TASK :: Every line below from the one containing "Query: thing at (542, 363)." through the one containing "What height do you estimate for the dead" must be transcribed exactly. Omit all lines outside that stretch.

INPUT ::

——

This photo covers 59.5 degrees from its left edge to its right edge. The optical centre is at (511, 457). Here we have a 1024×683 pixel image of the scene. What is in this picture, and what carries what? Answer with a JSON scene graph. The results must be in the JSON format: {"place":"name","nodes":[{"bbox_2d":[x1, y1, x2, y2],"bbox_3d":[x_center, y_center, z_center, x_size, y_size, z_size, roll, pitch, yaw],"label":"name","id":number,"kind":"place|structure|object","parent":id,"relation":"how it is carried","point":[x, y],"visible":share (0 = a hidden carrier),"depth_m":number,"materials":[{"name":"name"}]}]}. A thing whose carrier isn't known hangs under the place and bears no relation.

——

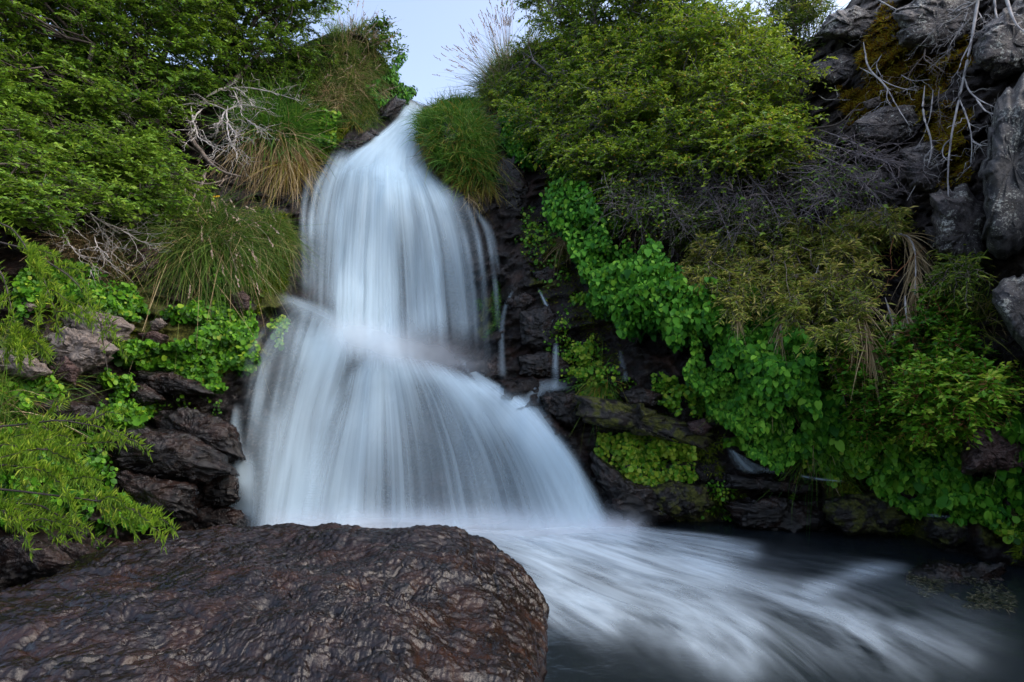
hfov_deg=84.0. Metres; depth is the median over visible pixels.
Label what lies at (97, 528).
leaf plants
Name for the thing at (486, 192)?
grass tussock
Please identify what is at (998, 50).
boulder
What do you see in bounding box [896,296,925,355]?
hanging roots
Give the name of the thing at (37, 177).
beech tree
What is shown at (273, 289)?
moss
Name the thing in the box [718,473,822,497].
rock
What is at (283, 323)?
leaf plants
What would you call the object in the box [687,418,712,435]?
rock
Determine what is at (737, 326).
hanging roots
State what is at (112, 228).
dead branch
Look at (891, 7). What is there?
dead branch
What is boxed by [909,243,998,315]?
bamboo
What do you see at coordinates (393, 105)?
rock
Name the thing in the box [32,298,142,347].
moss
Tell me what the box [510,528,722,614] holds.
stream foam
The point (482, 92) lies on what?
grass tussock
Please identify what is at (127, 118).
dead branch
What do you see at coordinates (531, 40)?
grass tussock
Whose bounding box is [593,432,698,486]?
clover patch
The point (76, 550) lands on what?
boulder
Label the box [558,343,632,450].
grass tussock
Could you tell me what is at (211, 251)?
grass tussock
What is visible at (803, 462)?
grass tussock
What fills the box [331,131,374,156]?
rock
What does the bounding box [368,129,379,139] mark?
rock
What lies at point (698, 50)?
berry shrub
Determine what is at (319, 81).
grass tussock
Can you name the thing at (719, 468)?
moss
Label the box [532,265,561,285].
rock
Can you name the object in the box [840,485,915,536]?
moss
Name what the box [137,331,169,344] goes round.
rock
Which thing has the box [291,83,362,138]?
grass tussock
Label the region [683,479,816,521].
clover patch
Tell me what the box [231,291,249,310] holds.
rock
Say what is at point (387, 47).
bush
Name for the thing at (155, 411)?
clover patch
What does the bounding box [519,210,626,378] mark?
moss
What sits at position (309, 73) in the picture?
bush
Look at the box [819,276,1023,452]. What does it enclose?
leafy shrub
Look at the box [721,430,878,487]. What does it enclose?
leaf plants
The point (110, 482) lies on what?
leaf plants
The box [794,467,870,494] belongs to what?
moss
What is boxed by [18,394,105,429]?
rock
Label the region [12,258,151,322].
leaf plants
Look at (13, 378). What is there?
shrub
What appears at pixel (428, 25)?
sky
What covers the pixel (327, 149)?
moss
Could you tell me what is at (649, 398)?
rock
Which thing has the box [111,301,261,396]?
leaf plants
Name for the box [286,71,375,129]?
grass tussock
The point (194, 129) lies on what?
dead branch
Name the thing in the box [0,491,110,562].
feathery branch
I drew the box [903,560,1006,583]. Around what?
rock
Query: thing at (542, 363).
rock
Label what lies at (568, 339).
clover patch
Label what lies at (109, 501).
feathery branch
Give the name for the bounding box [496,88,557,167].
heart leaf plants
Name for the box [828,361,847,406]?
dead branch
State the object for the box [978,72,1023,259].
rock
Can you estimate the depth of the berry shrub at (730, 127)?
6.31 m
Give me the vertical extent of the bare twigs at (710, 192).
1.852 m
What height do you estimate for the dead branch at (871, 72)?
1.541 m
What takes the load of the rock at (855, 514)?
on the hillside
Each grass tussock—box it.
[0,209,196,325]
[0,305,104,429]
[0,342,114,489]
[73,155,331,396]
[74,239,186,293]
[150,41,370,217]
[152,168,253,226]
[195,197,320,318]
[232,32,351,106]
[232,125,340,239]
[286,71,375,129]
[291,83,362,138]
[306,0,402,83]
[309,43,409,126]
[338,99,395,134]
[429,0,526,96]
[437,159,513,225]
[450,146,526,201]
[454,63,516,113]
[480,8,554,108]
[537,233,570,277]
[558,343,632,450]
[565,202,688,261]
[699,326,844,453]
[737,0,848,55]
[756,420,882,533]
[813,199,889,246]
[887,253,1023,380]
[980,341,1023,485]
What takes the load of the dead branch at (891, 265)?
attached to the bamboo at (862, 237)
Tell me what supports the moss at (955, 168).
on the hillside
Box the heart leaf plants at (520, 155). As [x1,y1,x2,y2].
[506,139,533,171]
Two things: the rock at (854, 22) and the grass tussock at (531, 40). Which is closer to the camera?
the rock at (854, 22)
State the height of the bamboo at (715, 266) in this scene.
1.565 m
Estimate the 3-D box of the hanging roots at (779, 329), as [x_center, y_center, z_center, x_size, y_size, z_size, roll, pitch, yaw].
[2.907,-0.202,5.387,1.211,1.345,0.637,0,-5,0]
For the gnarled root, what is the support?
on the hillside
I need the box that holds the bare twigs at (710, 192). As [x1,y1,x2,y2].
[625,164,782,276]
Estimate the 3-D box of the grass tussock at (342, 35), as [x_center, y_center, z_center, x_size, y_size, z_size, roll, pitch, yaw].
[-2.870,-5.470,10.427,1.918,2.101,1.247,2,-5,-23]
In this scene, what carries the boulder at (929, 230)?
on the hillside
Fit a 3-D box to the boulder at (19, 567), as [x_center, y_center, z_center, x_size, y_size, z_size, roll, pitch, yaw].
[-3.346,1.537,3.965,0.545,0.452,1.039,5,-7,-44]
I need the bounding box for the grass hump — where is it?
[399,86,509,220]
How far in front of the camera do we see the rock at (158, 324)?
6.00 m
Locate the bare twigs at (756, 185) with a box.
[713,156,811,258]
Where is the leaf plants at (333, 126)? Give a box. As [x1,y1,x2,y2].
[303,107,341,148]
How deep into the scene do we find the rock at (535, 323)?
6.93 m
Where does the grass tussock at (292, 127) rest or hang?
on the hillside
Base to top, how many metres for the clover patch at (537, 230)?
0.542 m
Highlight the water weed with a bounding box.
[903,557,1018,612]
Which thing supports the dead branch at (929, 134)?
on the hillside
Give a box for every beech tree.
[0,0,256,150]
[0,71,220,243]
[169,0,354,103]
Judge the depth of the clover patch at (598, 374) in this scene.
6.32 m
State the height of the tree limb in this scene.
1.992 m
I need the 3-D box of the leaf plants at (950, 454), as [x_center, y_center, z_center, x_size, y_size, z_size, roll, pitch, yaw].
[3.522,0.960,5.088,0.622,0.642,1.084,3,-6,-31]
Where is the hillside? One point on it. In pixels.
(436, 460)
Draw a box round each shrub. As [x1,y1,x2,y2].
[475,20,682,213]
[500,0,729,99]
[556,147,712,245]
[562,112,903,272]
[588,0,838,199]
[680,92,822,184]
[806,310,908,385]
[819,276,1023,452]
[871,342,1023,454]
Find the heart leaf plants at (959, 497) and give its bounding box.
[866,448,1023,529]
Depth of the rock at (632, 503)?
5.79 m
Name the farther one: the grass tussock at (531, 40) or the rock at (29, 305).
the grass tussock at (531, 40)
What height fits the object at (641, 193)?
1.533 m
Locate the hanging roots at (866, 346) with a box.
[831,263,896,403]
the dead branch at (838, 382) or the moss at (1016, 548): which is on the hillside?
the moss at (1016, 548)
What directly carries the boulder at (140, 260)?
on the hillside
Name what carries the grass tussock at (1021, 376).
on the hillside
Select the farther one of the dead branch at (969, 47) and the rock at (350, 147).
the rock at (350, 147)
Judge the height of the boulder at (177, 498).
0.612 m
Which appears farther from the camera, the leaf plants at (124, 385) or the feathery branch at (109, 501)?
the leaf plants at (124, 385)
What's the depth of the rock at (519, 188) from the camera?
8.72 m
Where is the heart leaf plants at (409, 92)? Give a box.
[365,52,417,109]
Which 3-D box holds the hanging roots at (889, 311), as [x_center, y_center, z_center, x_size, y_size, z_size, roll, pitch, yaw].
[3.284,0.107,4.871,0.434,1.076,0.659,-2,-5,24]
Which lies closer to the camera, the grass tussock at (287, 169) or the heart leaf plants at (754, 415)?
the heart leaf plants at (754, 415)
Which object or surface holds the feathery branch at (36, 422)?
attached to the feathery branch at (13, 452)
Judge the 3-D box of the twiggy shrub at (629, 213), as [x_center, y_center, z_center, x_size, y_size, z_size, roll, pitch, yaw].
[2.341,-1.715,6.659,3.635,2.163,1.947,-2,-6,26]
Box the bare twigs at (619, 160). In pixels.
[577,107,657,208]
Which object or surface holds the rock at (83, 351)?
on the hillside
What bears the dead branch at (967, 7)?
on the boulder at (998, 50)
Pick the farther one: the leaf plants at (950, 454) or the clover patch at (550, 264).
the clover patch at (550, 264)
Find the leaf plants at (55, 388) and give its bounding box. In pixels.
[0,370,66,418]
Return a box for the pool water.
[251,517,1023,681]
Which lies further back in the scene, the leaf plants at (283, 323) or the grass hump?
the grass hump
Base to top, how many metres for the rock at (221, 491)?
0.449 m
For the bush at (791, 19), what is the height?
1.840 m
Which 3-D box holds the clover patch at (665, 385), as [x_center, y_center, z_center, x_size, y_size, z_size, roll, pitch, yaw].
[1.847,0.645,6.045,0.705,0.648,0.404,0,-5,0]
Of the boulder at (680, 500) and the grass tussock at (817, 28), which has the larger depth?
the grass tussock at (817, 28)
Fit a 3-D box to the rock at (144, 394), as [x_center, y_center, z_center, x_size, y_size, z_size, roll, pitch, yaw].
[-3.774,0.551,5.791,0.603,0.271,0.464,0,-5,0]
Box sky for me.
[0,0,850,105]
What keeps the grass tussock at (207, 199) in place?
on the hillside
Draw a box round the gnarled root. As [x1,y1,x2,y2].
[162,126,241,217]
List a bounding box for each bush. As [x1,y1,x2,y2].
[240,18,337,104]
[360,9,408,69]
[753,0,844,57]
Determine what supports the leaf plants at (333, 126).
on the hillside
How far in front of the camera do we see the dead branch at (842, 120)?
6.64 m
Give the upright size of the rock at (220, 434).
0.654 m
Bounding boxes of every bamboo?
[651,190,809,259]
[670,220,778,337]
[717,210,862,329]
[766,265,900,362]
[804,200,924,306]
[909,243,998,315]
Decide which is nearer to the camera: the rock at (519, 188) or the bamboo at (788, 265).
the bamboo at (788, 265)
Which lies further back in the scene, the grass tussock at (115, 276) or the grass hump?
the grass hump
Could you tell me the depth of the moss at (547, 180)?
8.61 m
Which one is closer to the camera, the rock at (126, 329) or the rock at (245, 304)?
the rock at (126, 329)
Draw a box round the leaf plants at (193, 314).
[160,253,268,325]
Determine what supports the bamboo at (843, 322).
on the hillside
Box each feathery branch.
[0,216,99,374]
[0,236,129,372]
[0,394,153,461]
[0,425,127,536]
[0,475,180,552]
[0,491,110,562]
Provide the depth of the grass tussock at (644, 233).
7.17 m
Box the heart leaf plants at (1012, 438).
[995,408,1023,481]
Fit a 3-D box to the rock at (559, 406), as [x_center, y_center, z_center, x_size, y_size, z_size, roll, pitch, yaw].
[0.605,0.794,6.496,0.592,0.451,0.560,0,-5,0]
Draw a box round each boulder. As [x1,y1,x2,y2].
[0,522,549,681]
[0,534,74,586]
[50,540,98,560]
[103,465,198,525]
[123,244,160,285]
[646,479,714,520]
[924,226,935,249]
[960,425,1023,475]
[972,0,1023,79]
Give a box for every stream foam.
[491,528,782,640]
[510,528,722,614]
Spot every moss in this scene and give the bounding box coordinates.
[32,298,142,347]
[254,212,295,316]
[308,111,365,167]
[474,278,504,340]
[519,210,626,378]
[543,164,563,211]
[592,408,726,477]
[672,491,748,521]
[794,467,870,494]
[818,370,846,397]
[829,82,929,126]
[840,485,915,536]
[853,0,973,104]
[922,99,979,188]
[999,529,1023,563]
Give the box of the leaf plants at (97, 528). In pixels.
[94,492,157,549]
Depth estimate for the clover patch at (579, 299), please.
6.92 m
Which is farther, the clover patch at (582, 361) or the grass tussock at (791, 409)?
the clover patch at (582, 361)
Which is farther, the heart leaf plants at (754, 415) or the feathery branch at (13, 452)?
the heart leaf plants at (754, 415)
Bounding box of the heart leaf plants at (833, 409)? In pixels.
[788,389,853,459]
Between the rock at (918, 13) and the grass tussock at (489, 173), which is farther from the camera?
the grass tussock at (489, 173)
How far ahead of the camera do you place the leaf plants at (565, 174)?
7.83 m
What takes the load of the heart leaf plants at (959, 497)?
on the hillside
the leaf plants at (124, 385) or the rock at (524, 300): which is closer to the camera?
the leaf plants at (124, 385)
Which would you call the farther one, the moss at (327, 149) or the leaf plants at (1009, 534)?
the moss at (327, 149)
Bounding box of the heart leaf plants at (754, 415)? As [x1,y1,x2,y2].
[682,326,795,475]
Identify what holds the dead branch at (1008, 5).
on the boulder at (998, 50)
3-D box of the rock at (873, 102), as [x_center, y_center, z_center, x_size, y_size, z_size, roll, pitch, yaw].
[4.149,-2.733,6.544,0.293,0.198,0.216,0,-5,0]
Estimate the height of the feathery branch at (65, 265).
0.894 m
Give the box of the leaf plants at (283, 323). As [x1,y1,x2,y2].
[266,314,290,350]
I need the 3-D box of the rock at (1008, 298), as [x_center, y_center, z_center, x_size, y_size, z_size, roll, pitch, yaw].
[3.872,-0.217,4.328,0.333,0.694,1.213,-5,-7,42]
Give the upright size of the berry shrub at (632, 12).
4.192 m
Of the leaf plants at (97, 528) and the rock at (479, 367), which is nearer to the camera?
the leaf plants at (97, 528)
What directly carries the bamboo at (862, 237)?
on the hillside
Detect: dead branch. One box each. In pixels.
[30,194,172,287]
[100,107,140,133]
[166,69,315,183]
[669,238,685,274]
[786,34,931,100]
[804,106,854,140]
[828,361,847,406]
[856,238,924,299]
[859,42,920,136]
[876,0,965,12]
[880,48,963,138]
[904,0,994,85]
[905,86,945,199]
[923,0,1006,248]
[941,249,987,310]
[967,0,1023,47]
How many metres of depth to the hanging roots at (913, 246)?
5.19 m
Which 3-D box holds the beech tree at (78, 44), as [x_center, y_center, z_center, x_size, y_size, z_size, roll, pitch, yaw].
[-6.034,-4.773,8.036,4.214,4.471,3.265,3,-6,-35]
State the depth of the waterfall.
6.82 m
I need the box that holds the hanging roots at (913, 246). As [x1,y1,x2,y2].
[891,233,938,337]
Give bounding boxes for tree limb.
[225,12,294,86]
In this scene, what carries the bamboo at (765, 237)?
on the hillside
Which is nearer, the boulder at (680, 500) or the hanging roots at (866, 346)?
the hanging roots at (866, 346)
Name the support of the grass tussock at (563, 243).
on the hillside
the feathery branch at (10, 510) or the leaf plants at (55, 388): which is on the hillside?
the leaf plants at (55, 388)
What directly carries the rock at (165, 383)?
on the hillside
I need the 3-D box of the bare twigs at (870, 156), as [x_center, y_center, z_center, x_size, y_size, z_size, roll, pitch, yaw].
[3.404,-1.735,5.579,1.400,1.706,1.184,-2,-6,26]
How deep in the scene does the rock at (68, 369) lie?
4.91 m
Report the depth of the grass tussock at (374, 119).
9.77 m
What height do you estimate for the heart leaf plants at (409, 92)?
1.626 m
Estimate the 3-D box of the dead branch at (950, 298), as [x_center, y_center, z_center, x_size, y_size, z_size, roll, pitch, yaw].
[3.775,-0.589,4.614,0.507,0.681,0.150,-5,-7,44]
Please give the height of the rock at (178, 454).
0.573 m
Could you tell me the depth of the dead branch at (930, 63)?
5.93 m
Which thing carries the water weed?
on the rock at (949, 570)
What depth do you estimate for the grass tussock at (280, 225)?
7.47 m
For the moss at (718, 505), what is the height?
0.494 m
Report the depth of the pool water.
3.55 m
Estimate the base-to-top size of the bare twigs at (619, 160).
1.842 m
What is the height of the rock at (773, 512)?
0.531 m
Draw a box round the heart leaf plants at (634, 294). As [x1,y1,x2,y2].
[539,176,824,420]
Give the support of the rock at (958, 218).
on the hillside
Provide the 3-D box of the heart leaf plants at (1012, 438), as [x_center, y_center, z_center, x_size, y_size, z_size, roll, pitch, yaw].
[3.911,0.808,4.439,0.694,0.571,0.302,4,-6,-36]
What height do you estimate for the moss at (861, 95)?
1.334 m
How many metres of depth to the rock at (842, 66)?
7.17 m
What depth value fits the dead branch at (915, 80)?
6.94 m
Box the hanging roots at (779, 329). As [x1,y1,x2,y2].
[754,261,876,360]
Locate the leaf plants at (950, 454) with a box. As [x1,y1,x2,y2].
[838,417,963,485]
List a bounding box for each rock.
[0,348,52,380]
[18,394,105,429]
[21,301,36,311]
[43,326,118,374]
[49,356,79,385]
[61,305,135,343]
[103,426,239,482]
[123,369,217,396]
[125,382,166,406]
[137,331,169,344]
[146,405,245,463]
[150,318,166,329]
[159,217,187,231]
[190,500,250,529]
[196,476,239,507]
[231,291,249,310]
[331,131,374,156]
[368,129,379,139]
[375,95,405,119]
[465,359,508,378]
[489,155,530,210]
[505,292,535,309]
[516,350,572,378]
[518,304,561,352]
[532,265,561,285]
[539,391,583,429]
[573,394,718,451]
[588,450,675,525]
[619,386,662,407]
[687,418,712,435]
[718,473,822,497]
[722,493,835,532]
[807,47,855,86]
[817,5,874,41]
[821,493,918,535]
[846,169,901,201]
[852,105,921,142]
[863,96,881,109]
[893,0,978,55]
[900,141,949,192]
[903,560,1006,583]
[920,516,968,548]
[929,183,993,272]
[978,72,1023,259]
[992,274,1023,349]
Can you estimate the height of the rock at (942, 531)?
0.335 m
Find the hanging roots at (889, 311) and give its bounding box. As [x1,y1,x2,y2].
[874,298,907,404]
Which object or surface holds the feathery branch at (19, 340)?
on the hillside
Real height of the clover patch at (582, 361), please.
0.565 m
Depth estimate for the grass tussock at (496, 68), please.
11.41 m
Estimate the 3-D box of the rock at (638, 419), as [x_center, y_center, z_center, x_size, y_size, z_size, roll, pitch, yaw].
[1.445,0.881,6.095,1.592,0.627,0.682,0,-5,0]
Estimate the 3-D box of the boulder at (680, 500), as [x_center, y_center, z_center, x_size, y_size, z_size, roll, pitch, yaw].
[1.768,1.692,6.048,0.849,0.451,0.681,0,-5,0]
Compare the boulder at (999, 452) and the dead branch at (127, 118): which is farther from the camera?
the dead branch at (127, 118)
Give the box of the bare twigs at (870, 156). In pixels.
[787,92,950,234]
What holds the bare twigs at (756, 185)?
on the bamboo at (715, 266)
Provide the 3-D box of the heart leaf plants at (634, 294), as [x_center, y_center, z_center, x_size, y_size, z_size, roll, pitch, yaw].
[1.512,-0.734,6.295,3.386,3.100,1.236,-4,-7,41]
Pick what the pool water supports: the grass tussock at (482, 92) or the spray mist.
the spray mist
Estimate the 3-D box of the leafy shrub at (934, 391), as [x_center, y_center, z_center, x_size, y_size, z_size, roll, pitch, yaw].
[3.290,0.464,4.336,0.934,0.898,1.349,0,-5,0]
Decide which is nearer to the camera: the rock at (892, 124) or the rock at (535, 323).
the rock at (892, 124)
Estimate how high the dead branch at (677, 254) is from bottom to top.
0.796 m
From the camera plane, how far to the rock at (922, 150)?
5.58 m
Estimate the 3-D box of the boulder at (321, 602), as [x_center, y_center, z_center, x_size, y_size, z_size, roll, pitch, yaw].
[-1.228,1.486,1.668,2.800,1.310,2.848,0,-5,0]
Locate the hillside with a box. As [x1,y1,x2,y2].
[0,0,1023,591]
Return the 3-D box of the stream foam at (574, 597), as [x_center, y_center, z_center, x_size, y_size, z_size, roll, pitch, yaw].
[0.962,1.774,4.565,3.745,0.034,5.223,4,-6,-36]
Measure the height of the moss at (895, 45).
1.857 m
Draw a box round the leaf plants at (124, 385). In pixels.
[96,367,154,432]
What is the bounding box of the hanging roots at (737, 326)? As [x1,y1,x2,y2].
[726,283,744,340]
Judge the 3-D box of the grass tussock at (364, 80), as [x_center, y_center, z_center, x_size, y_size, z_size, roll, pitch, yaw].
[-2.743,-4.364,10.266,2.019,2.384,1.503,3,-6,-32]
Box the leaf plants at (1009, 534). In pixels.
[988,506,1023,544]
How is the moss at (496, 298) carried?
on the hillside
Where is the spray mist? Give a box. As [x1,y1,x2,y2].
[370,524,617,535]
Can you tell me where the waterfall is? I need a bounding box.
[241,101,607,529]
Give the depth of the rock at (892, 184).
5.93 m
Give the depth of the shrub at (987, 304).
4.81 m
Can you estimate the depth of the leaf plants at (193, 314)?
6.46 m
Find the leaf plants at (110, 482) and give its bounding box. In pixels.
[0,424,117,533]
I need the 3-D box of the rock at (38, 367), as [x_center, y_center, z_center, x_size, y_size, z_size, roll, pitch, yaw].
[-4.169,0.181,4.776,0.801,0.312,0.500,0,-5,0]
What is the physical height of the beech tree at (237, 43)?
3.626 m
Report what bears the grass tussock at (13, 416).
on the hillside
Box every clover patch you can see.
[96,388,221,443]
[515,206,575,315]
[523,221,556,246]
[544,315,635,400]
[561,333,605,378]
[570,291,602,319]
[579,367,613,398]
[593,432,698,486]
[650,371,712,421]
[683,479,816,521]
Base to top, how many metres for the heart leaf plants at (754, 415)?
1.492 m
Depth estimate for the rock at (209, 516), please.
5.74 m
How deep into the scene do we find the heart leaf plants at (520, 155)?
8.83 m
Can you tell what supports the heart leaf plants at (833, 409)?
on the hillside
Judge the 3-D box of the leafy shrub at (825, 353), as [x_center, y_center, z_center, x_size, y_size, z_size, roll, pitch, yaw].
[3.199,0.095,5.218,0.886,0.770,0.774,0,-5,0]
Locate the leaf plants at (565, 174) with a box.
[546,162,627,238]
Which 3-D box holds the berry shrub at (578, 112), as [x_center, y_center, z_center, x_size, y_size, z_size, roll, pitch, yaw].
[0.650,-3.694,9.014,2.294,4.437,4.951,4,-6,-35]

——

SOLUTION FOR THIS PROBLEM ::
Query: thing at (542, 363).
rock
Label what lies at (568, 339).
clover patch
Label what lies at (109, 501).
feathery branch
Give the name for the bounding box [496,88,557,167].
heart leaf plants
Name for the box [828,361,847,406]?
dead branch
State the object for the box [978,72,1023,259].
rock
Can you estimate the depth of the berry shrub at (730, 127)?
6.31 m
Give me the vertical extent of the bare twigs at (710, 192).
1.852 m
What height do you estimate for the dead branch at (871, 72)?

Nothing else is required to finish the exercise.